I love hearing about others’ reactions to Norway, a place I once knew intimately from being born and bred there. Until I could take it no more and fled. And this post (as well as some of the preceding posts on the blog) describes so well why I no longer live there. I have a sort of love-dislike (can’t say hate — no, hate is wrong) relationship with my country of birth but can’t adequately explain either without becoming boringly long-winded and detailed. So I shall leave the topic for now.
Thomas and I are very much in the process of combining two households into one. Because we have had two rather large flats for the past three years, one each, this is proving a challenge. I have managed to chuck out a lot of stuff, especially clothes, but am suffering anxiety attacks at the thought of getting rid of shoes and any of my Danish belongings. Don’t ask. It’s an early childhood thing. Thomas is having palpitations over trying to change his very male flat into a more female, less garage like, environment. Simultaneously, we are attempting to change the tip of a boys’ room into a bedroom that happens to also be the room of a teenage boy. I am not sure this task is not beyond what is humanly possible.
Weather wise — we’re having the kind of winter that suits me to a T. NO SNOW. However, I could live without the rain. Thank you. In the meantime I read about Norwegians relishing the huge amounts of snow they have in areas while chastising long-distance lorry drivers for arriving at the border without proper tires for the conditions. Who can blame them — they live in hope, good people! Like me. I rarely have the right tires either.
Speaking of tires, it is time to take the dogs out before they drive me nuts.
Speaking of nuts: I think Orion is slightly nuts. He’s gone from being this difficult, skinny dog who would eat sometimes and sometimes not, then have diarrhoea for three days then eat again and then… Then he had this bloat thing in September last year, and since then he has started eating like a horse. Huge amounts almost continously. He is still very slim as he is so active and because of his breed — unable to gain fat — but he is far more solid and healthy than back then and I am no longer afraid that he might be blown away in a light breeze. And we don’t get ugly looks from bypassers who think we mistreat him. Instead the bouncy, healthy dog is admired and people refuse to believe he is nearly 12 years old. He also rarely has runny poop any more, which is a great relief to all. For a while the gas attacks he regularly subjected us to also abated, though last night they were back with a vengeance keeping me awake most of the night and yes, that is entirely my own fault as I could have made him sleep in the living room instead of next to the bed but he is so cute! when he looks up at me with that sleepy, deer-like face and how can a person with a heart chase such a cute dog out of the bedroom? Which reminds me that I should really air out the bedroom.

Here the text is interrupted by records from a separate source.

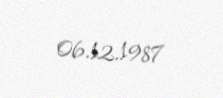
06.12.1987
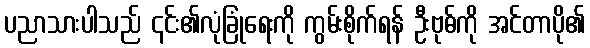
ပညာသားပါသည် ၎င်း၏လုံခြုံရေးကို ကွမ်းစိုက်ရန် ဦးဗုဓ်ကို အင်တာပို၏
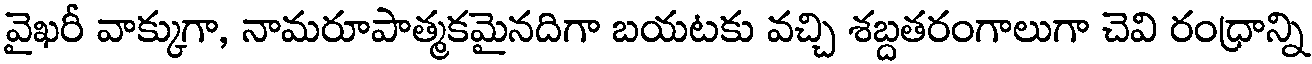
వైఖరీ వాక్కుగా, నామరూపాత్మకమైనదిగా బయటకు వచ్చి శబ్దతరంగాలుగా చెవి రంధ్రాన్ని
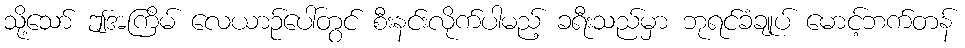
သို့သော် ဤအကြိမ် လေယာဉ်ပေါ်တွင် စီးနင်းလိုက်ပါမည့် ခရီးသည်မှာ ဘုရင်ခံချုပ် မောင့်ဘက်တန်
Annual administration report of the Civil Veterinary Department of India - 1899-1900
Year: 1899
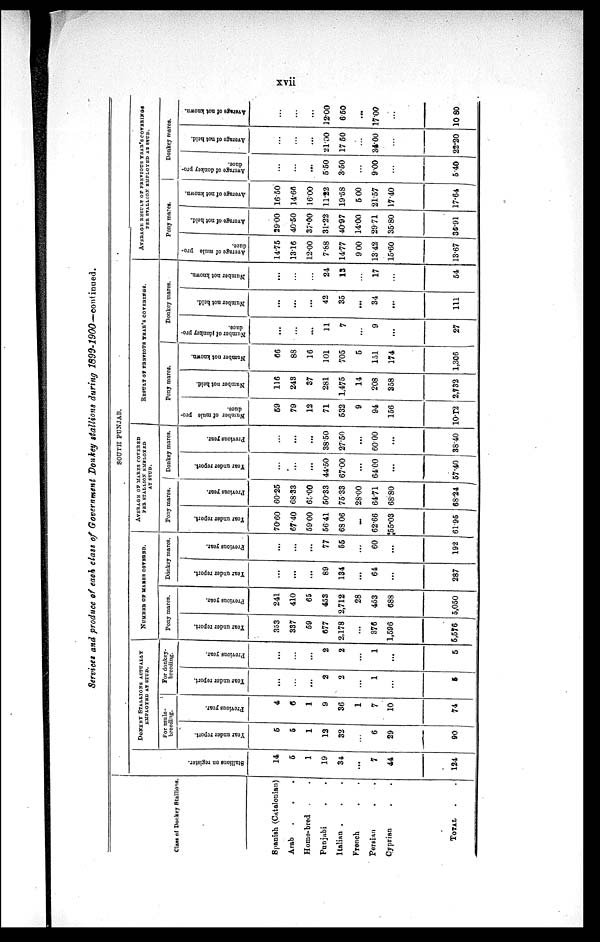
xvii
Services and produce of each class of Government Donkey stallions during
1899-1900—continued.
Class of Donkey Stallions.
Spanish (Catalonian)
Arab . . .
Home-bred . .
Punjabi . .
Italian . . .
French . .
Persian . .
Cyprian . .
TOTAL . .
SOUTH PUNJAB.
Stallions on register.
14
5
1
19
34
...
7
44
124
DONKEY STALLIONS ACTUALLY
EMPLOYED AT STUD.
For mule-
breeding.
Year under report.
5
5
1
12
32
...
6
29
90
Previous year.
4
6
1
9
36
1
7
10
74
For donkey-
breeding.
Year under report.
...
...
...
2
2
...
1
...
6
Previous year.
...
...
...
2
2
...
1
...
5
NUMBER OF MARES COVERED.
Pony mares.
Year under report.
353
337
59
677
2,178
...
376
1,596
5,576
Previous year.
241
410
65
453
2,712
28
453
688
5,050
Donkey mares.
Year under report.
...
...
...
89
134
...
64
...
287
Previous year.
...
...
...
77
55
...
60
...
192
AVERAGE OF MARES COVERED
PEE STALLION EMPLOYED
AT STUD.
Pony mares.
Year under report.
70.60
67.40
59.00
56.41
68 06
...
62.66
55.03
61.95
Previous year.
60.25
68.33
65.00
50.33
75.33
28.00
64.71
68.80
68.24
Donkey mares.
Year under report.
...
...
...
44.50
67.00
...
64.00
...
57.40
Previous year.
...
...
...
38.50
27.50
...
60.00
...
38.40
RESULT
OF
PREVIOUS
YEAR'S COVERINGS.
Pony mares.
Number of mule pro-
duce.
59
79
12
71
532
9
94
156
10.12
Number not held.
116
243
37
281
1,475
14
208
358
2,732
Number not known.
66
88
16
101
705
5
151
174
1,306
Donkey mares.
Number of |donkey pro-
duce.
...
...
....
11
7
...
9
...
27
Number not held.
...
...
...
42
35
...
34
...
111
Number not known.
...
...
...
24
13
...
17
...
54
AVERAGE RESULT OF PREVIOUS YEAR'S COVERINGS
PER STALLION EMPLOYED AT STUD.
Pony mares.
Average of mule pro-
duce.
14.75
1316
12.00
7.88
14.77
9 00
13.42
15.60
13.67
Average of not held.
29.00
40.50
37.00
31.22
40.97
14.00
29.71
35.80
36.91
Average of not known.
16.50
14.66
1600
11.22
19.58
5 00
21.57
17.40
17.64
Donkey mares.
Average of donkey pro-
duce.
...
...
...
5.50
3.50
...
9.00
...
5.40
Average of not held.
...
...
...
21.00
17 50
...
34.00
...
22.20
Average of not known.
...
...
...
12.00
6.50
...
17.00
...
10 80

Now, where was I? Yes, Norway. Among the headlines in Aftenposten online today are that two have died in a helicopter accident. And that people should try to avoid driving over the mountains for snow-reasons. Want to know what the helicopter was out doing? Collecting reindeer. What did the Sami do before they had helicopters?
Sorry. Have waffled enough. I think it’s time to watch something brainless on TV to find out if there is a world outside Norway (and Austria) where the news are free of the word “snow”. Perhaps there will be a tsunami or two instead somewhere.